Given a lack of specificity about some of the key policy elements and questions about the likely response of the insurance industry and beneficiaries, there remains great uncertainty about the expected effects of this approach for elderly and disabled Americans in the future.
Limitations
* This study focuses narrowly on the expected effects of a premium support system on beneficiaries’ Medicare premiums – an approach that excludes the effects of changes in benefits, cost-sharing requirements and premiums for supplemental insurance.
* This study models the effects of a premium support system in a given year, but not the expected costs for beneficiaries over the longer term, including the effects of adverse selection for beneficiaries in traditional Medicare or the potential for Medicare spending caps to increase premiums for beneficiaries over time.
* This study does not examine the effects of a premium support system for beneficiaries with low-incomes, including dual-eligible beneficiaries who could also be affected by changes made to Medicaid, such as a Medicaid block grant.
* This study considers potential changes in plan behavior (changes in bids), but does not analyze the potential for insurers’ responses to vary, based on local market conditions.
* This study does not capture the nuances of beneficiaries’ plan switching behavior and only allows for beneficiaries to switch into a benchmark plan, rather than a plan that is less expensive than their current plan, but is not a benchmark plan.
* This study does not consider whether benchmark plans (if not traditional Medicare) would have sufficient capacity to serve all potential enrollees.
* Finally, this analysis does not consider the effect of a premium support system for other payers, including the federal government, state governments (Medicaid), or employers.
http://www.kff.org/medicare/upload/8373.pdf
Comment:
By Don McCanne, MD
When reforms for health care are proposed, the first response by many is, what will it cost me?

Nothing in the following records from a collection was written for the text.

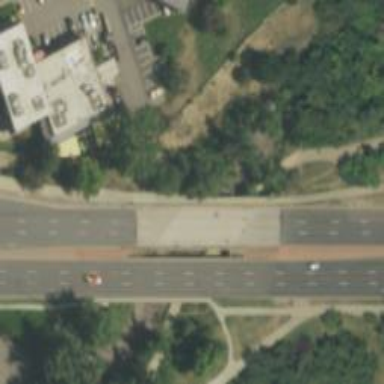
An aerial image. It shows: Primary highway bridge with separate sidewalks.
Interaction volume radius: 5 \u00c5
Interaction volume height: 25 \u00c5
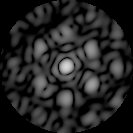
Disorder parameter: 0.6033
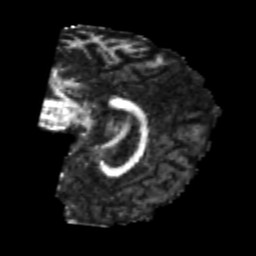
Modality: FA
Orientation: sagittal
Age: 26
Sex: male
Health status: healthy
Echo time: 0.074 s

In the case of the premium support model (voucher, or defined contribution), most people want to know what the premium will be. This meticulous 48-page study by Kaiser Family Foundation shows that for the majority of individuals, premiums would increase. But there is much more to premium support than merely the premium to be paid.
Reading the full report might be of interest to individuals who would want to see the complexities involved in simply determining the impact on premiums. In the excerpts above, some of the factors that were not considered are emphasized, especially in the list of limitations of the study. Because the proposal depends heavily on private insurance plans, there are a slew of potential negative impacts which can increase costs and impair access for the Medicare beneficiary – impacts that are far beyond those suggested by the list of limitations.

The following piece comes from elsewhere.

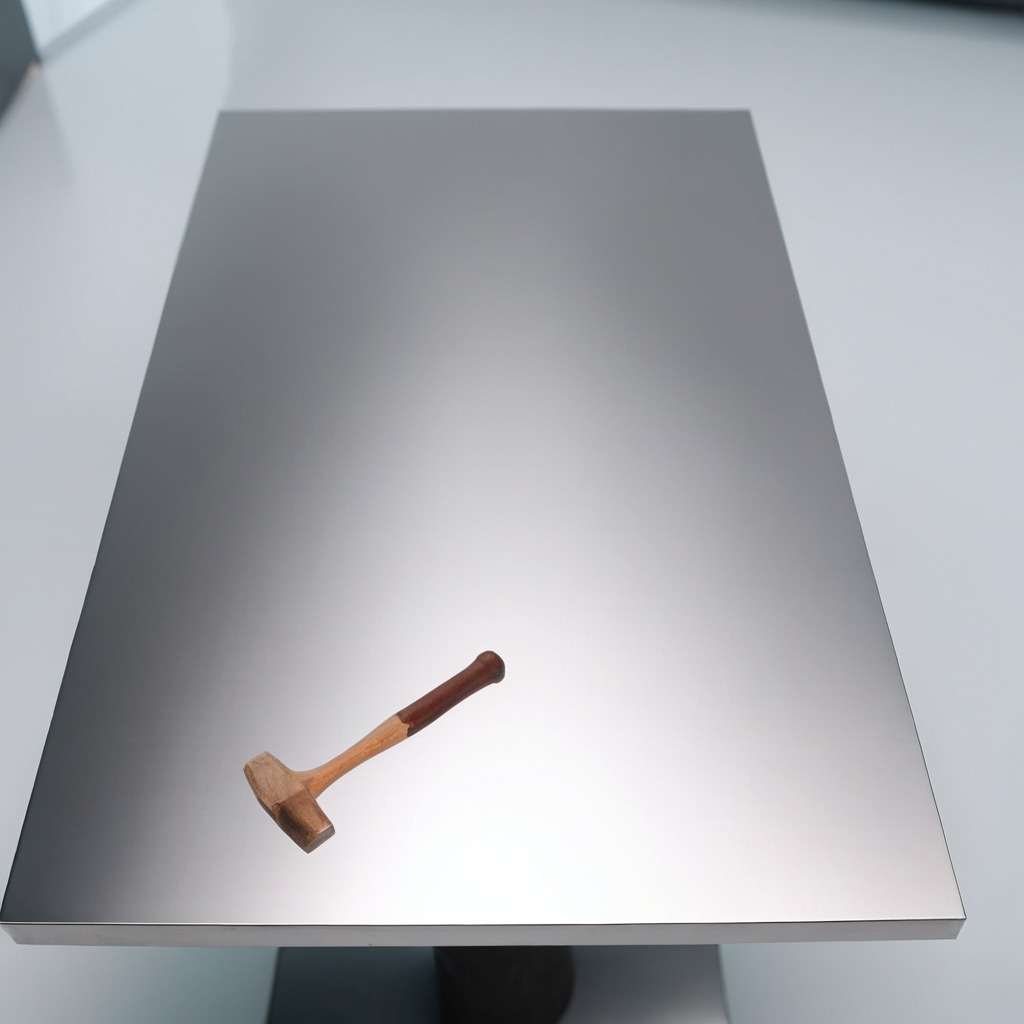
A hammer is lying on the stainless steel table in a high-end prototyping lab.

If you aren’t convinced by
now that premium support is a terrible idea, go to our website at www.pnhp.org and type in “premium support” in the search window and spend a an hour or so reading what we have to say. Then go back and read what Romney and Ryan have to say, and you’ll see what they deliberately left out. It is a scheme to slowly unwind the social contract of health care justice, when what we need to do is to improve that contract and expand it to cover everyone.